» Task description
Locate every line in the records below that holds the word "ground" and return each one.

--

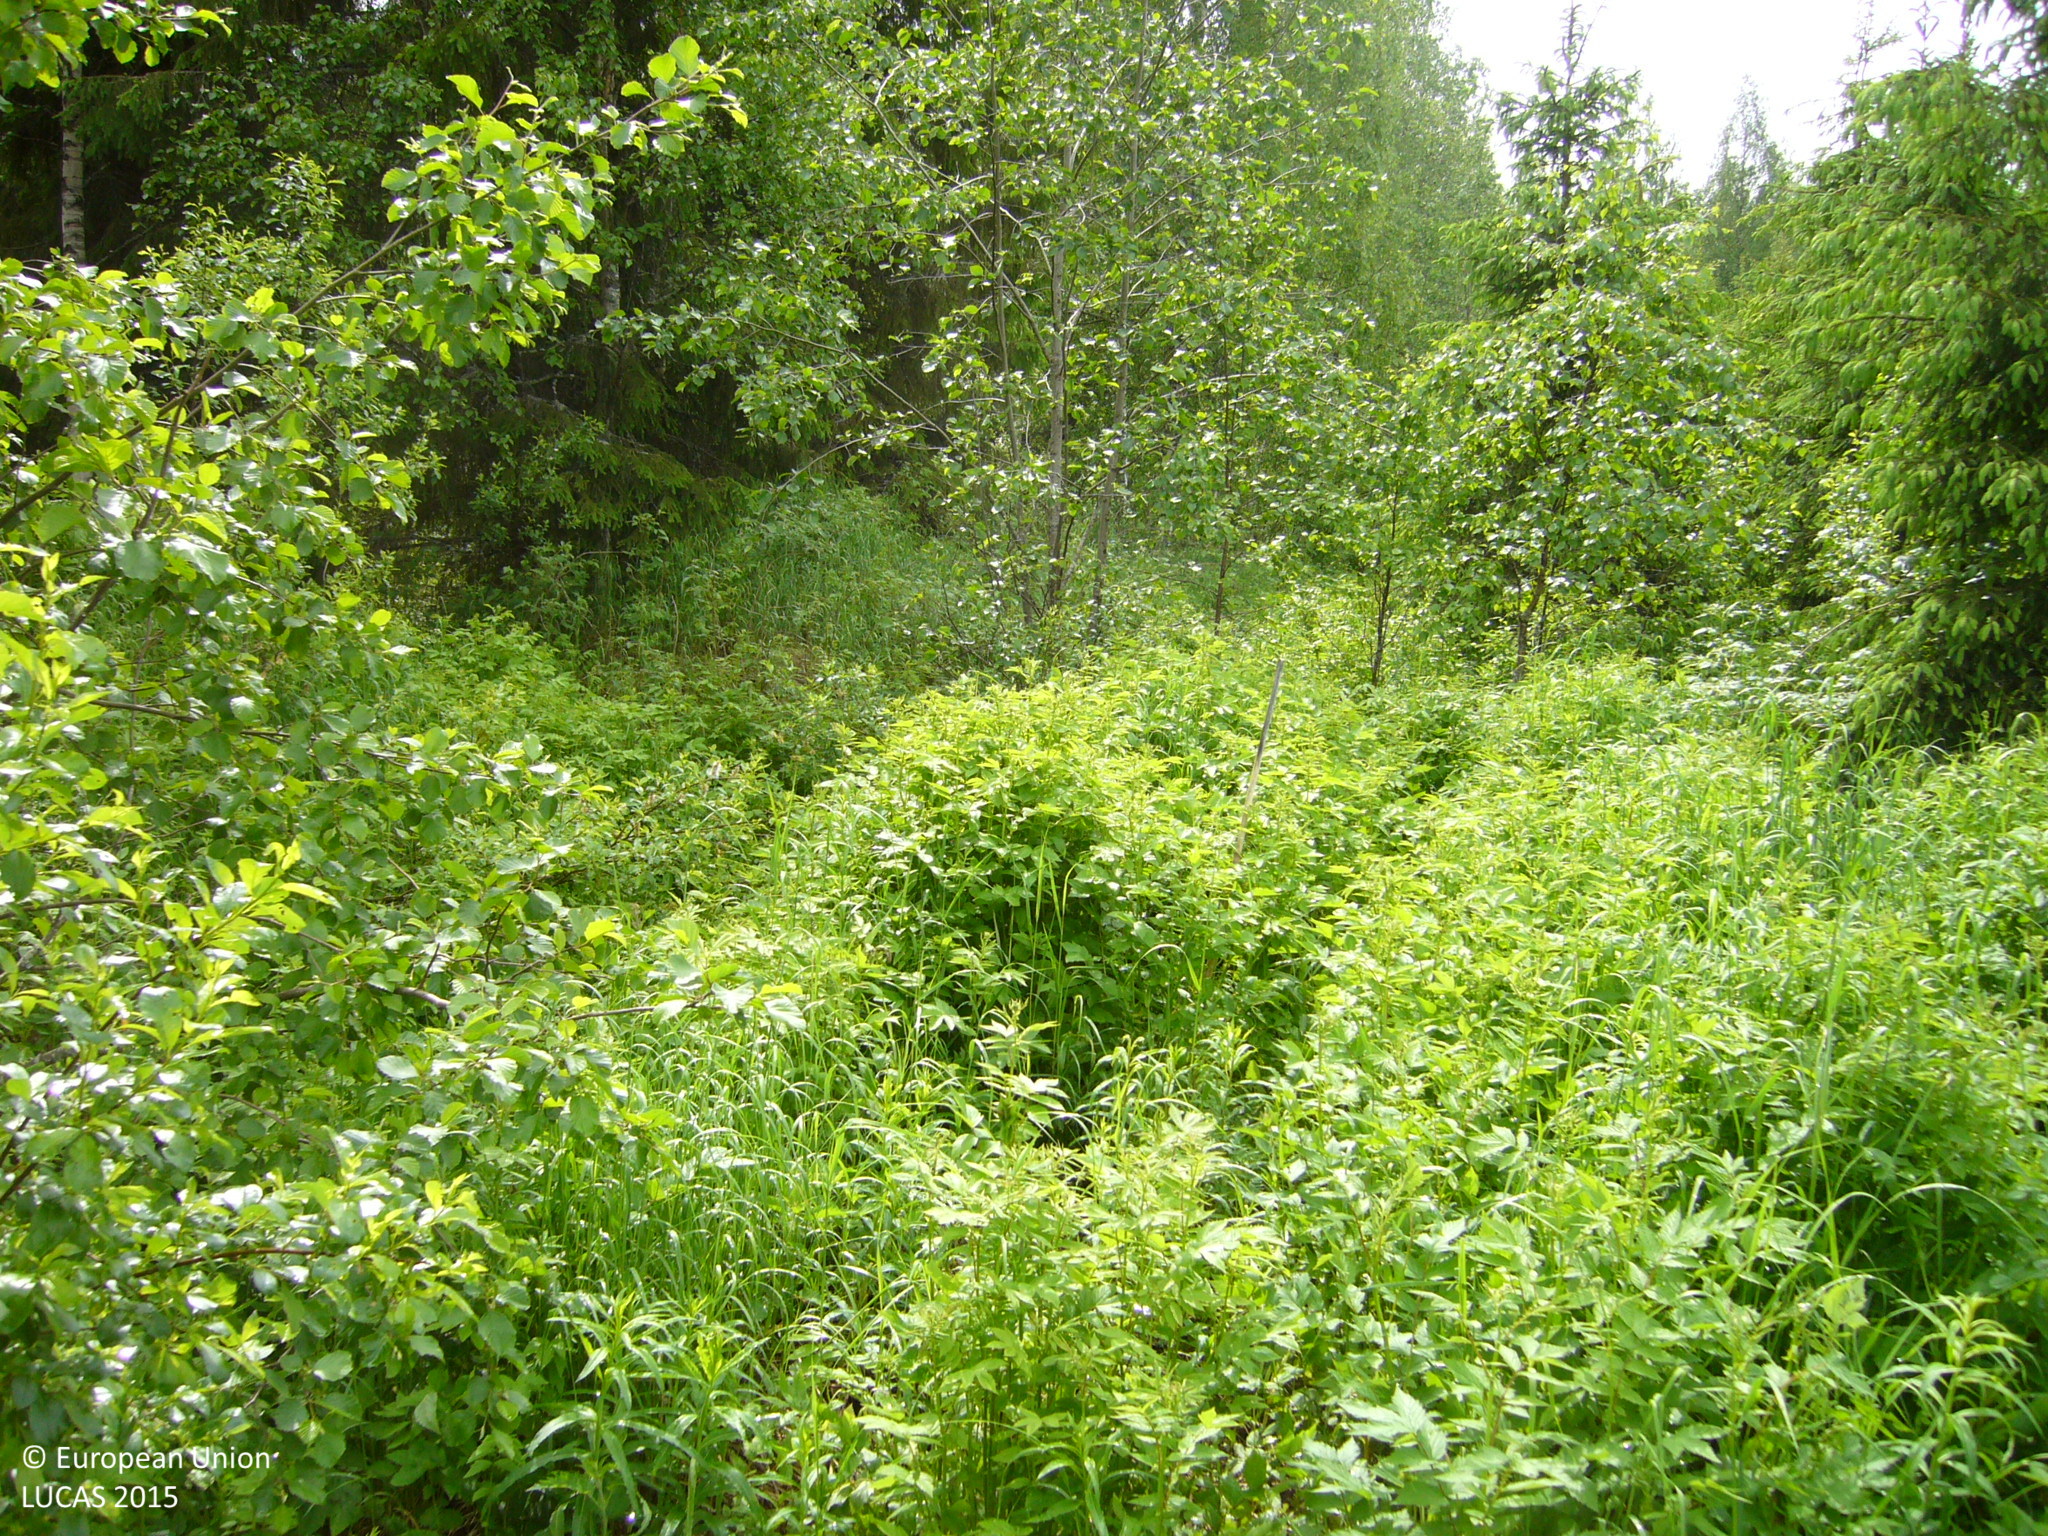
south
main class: Woodland
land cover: Spruce dominated mixed woodland
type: boreal forest
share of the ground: 50 - 75 %
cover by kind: coniferous forest trees 40 %, herbaceous plants 35 %, broadleaved forest trees 25 %
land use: Forestry
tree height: > 5 m
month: June
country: FI
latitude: 63.7891
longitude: 26.4581
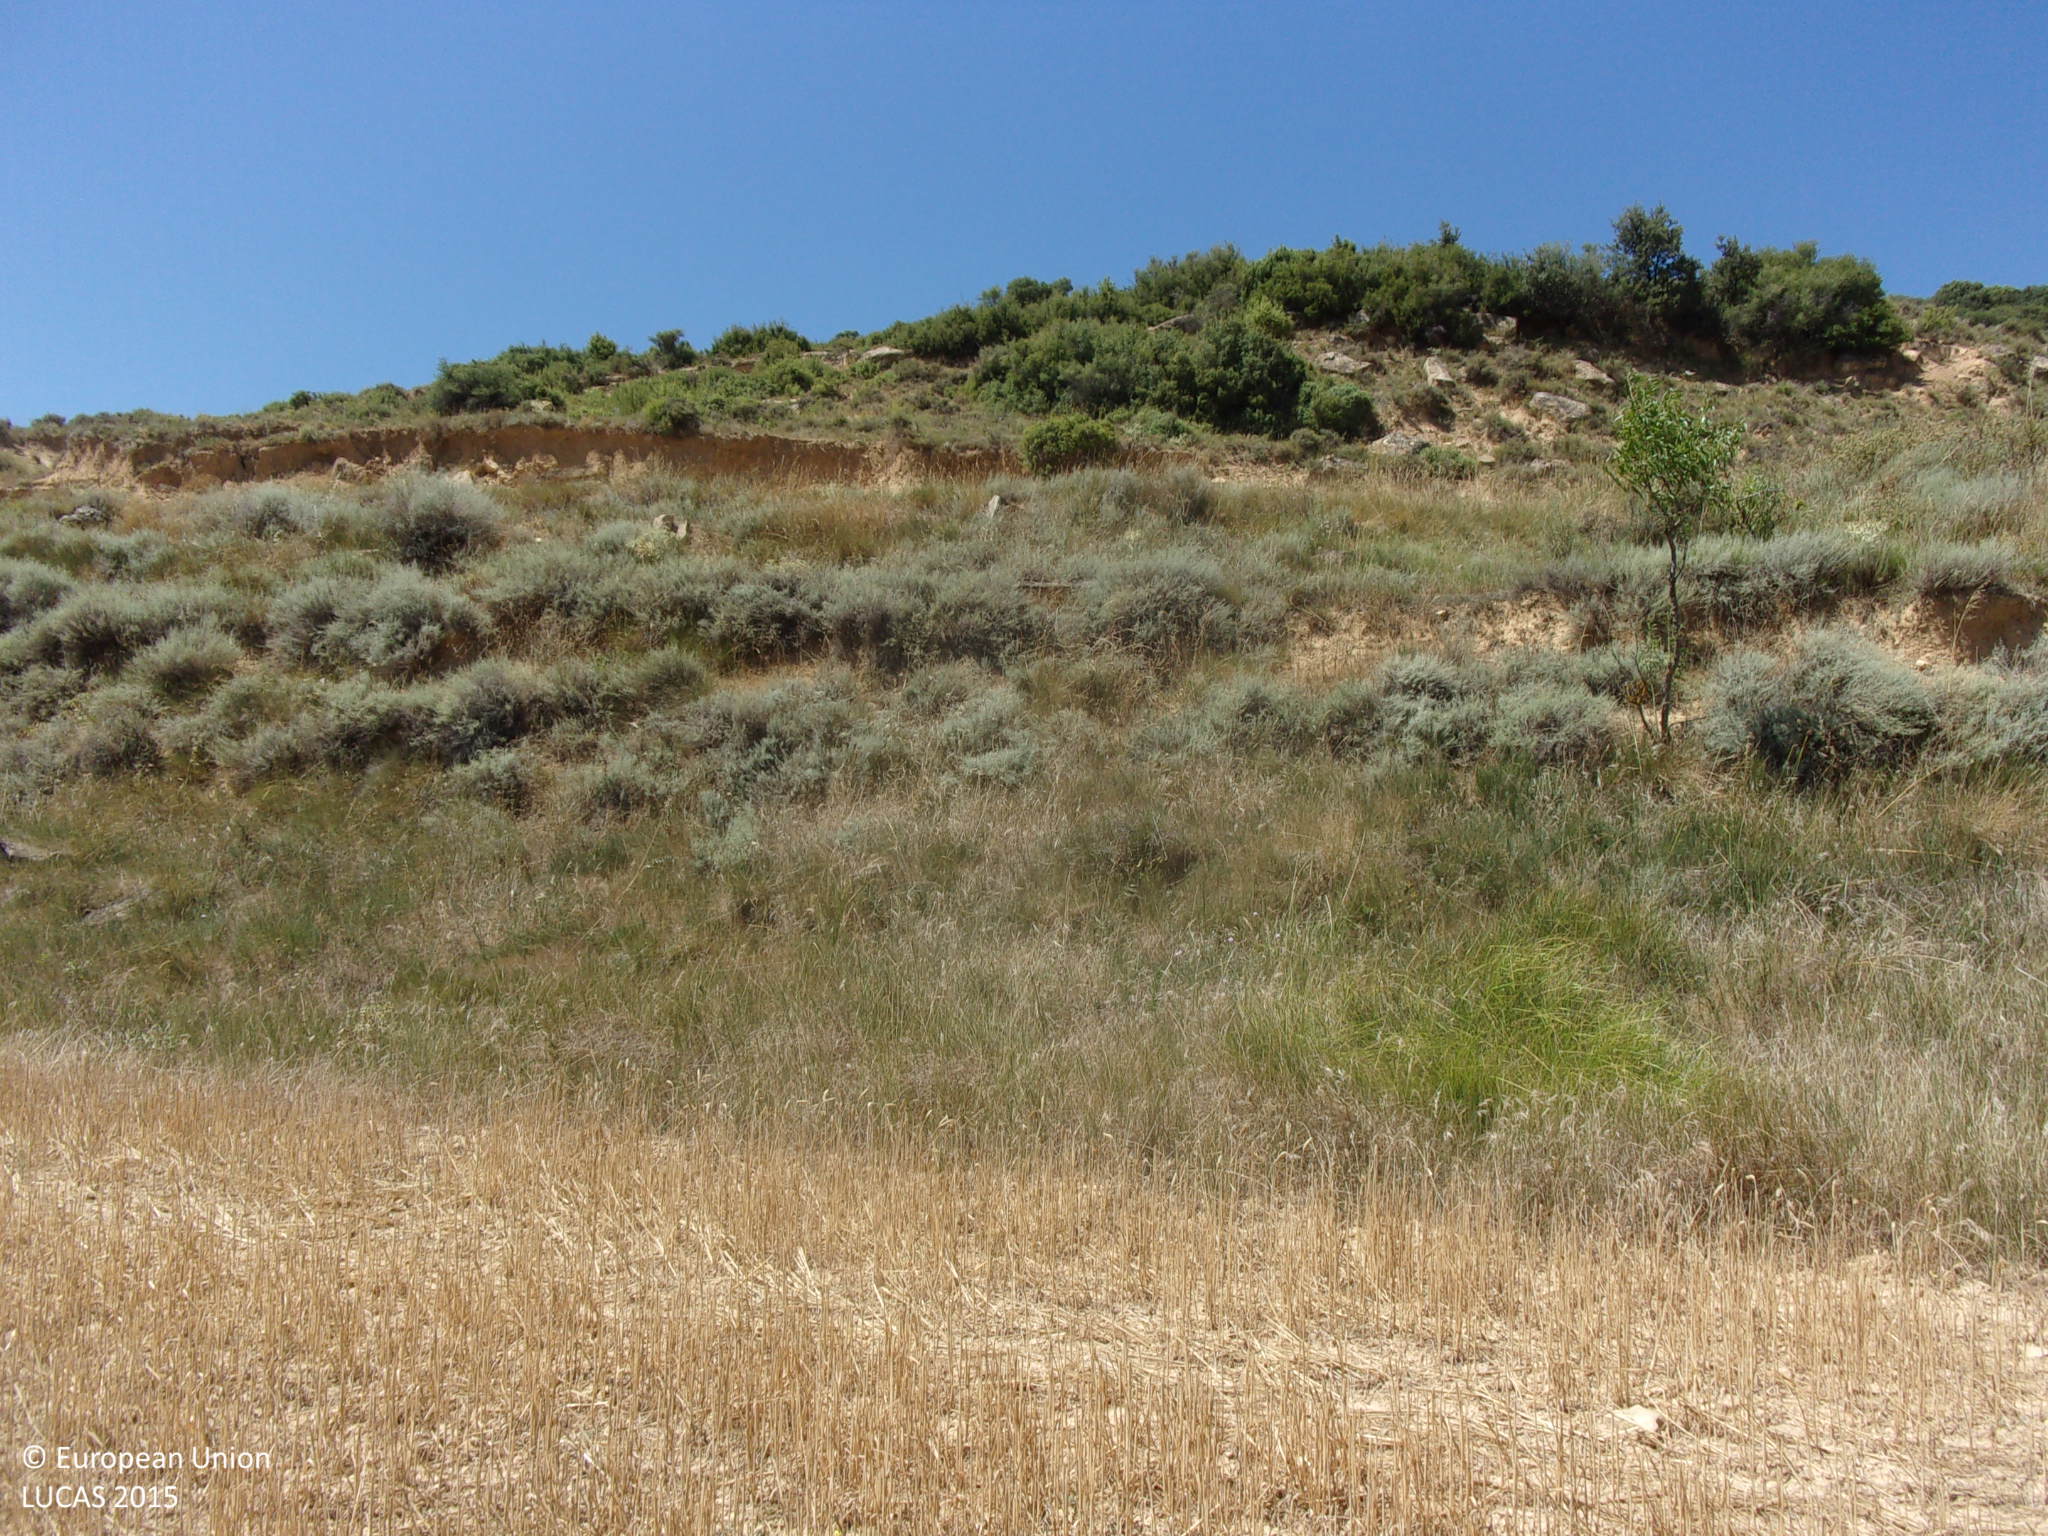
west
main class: Cropland
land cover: Common wheat
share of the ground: < 10 %
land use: Agriculture (excluding fallow land and kitchen gardens)
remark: Harvested field
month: August
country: ES
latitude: 42.3448
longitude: -1.1614

--

» Solution for this exercise
share of the ground: 50 - 75 %
share of the ground: < 10 %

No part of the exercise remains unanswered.